# El parlante no anda



## sharkfe48 (Jul 24, 2011)

Buenas. Eh recibido de un pariente, un amplificador: un Electrovox valvetech de 90 con revert, pero tiene el inconveniente de que el parlante no anda. 
Ya lo probe con el parlate de un amigo, y anda de maravilla el amplificador.
Ya testie que no sea un error tonto como un cable en corte o algo asi.

Entonces mi preguntas es:
POR DONDE EMPIEZO PARA PODER REPARAR MI PARLANTE?

Ando muy corto de guita, ya que gasto mis pocos recursos en el estudio, por lo tanto comprar uno nuevo, no es una salida viable.

Espero resibir mucha ayuda para poder repararlo


----------



## DJ DRACO (Jul 24, 2011)

al menos donde yo vivo, hay 1 o 2 casas que reparan parlante y te lo arreglan por 2 monedas...mucho mas barato y rapido de lo que vas a hacerlo vos mismo


----------



## AntonioAA (Jul 25, 2011)

Juaz!
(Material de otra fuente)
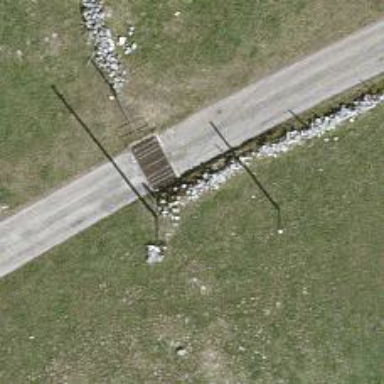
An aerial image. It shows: Dry stone wall barrier.

Draco... somos vecinos , yo conozco uno, en Dgo. Silva.. cual es el otro?


----------



## DJ DRACO (Jul 25, 2011)

sisis TSP es en domingo silva...pero me dijeron que había otro más....averiguo y te digo


----------



## DOSMETROS (Jul 25, 2011)

sharkfe48 dijo:


> Buenas. Eh recibido de un pariente, un amplificador: un Electrovox valvetech de 90 con revert, pero tiene el inconveniente de que el parlante no anda.
> Ya lo probe con el parlate de un amigo, y anda de maravilla el amplificador.
> Ya testie que no sea un error tonto como un cable en corte o algo asi.
> 
> ...


 

Empezá revisando que no estén rotos los cablecitos que van desde la bornera hasta el cono.


----------



## DJ DRACO (Jul 25, 2011)

esas dos tripitas por lo general sobrevivien...pero suele cortarse apenas entran al cono...es decir que las tripitas estan bien pero debajo de las gotitas de brea es donde se cortan pues el alambre es mucho más delgado allí...
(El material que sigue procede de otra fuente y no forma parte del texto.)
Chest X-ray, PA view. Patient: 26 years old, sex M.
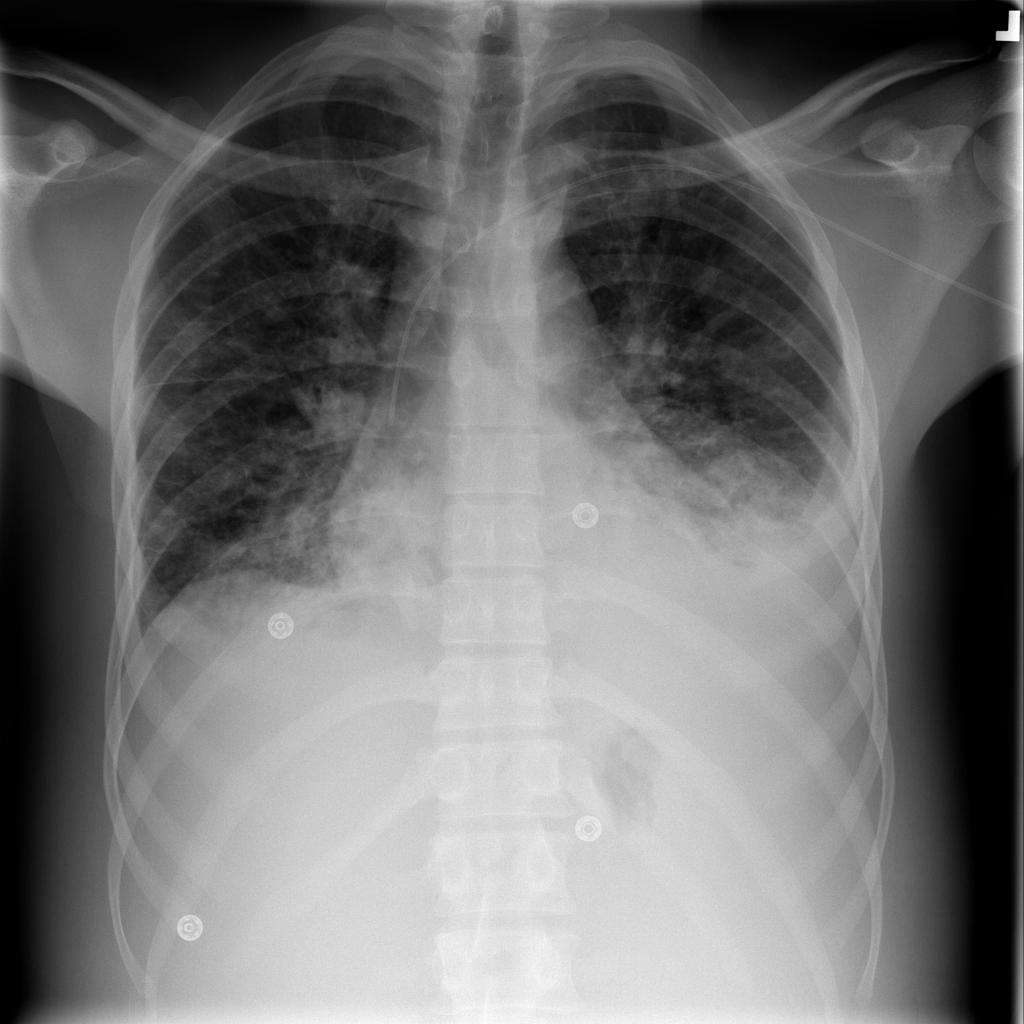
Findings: No Finding

habria que desarmarlo de manera de ver la bobina del parlante...


----------



## AntonioAA (Jul 26, 2011)

El amigo de TSP es gran tipo , muy prolijo ... pero no le hables de parametros T/S !!!


----------



## DJ DRACO (Jul 26, 2011)

yo le hice fabricar un parlante 10" 40W 105dB/m etc etc y lo hizo muy pero muy bien...supongo que algo debe saber jejeje


----------



## Dr. Zoidberg (Jul 26, 2011)

AntonioAA dijo:


> El amigo de*TSP*es gran tipo , muy prolijo ... pero no le hables de parametros T/S !!!
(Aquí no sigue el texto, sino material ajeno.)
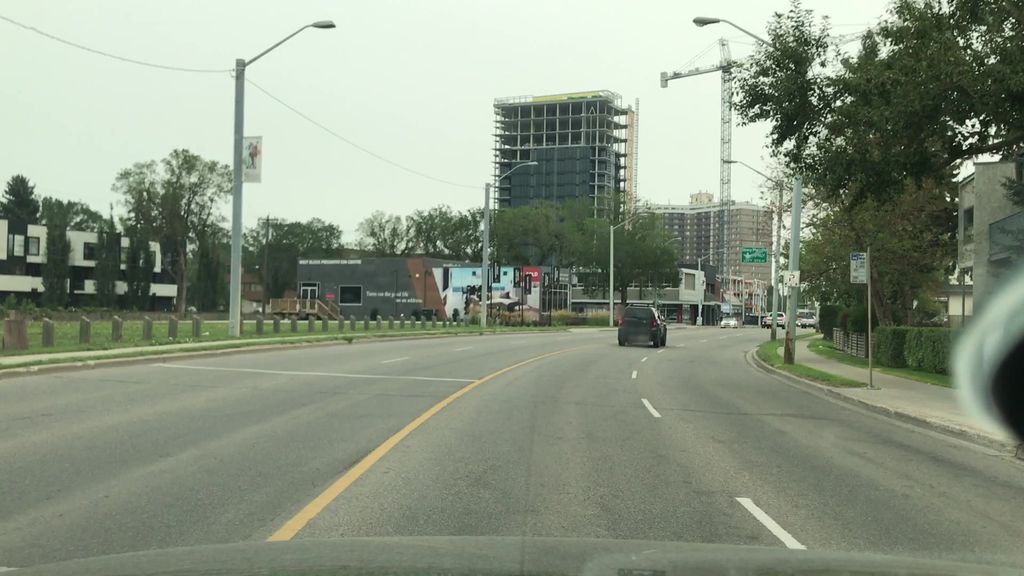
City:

*TSP* ==> *T*hiele-*S*mall *P*arameters?


----------



## Yoangel Lazaro (Jul 26, 2011)

ezavalla dijo:


> *TSP* ==> *T*hiele-*S*mall *P*arameters?


¡Qué irónico! ¿Verdad?


----------



## AntonioAA (Jul 26, 2011)

JUAAAAAAAAAAAAA!!!!!!!!!!!!!!!!!!!!!!  "Taller Santafesino de Parlantes" .......

Dije que NO es malo ... algun cookbook y mucha experiencia debe tener...


----------



## Dr. Zoidberg (Jul 26, 2011)

AntonioAA dijo:


> JUAAAAAAAAAAAAA!!!!!!!!!!!!!!!!!!!!!!  "*T*aller *S*antafesino de *P*arlantes" .......


----------



## sharkfe48 (Jul 26, 2011)

Jajaja bueno gracias a todos por la opiniones, pero no me queda otra que llevarlo a reparar, me animo a desarmarlo, pero de todas formas voy a tener que comprar los conos nuevos y demas, asique mejor lo llevo. Vi unos videos de como repararlos, si alguien lo quieres pregunte nomas y les paso el link


----------



## DOSMETROS (Jul 26, 2011)

Acabo de traer dos woofers de 8' , pagué 120 pesos (30 dólares) por enconado completo del par en el Santiagueño de Bulogne Sur Mer y Corrientes.


----------



## sharkfe48 (Jul 26, 2011)

Yo compre un parlante de 10' de 250w a 8ohms solo 150 pesos la semana pasada, me parecio re barato, lastima que lo utilize para otra cosa.. Pero que dicen, barato no?


----------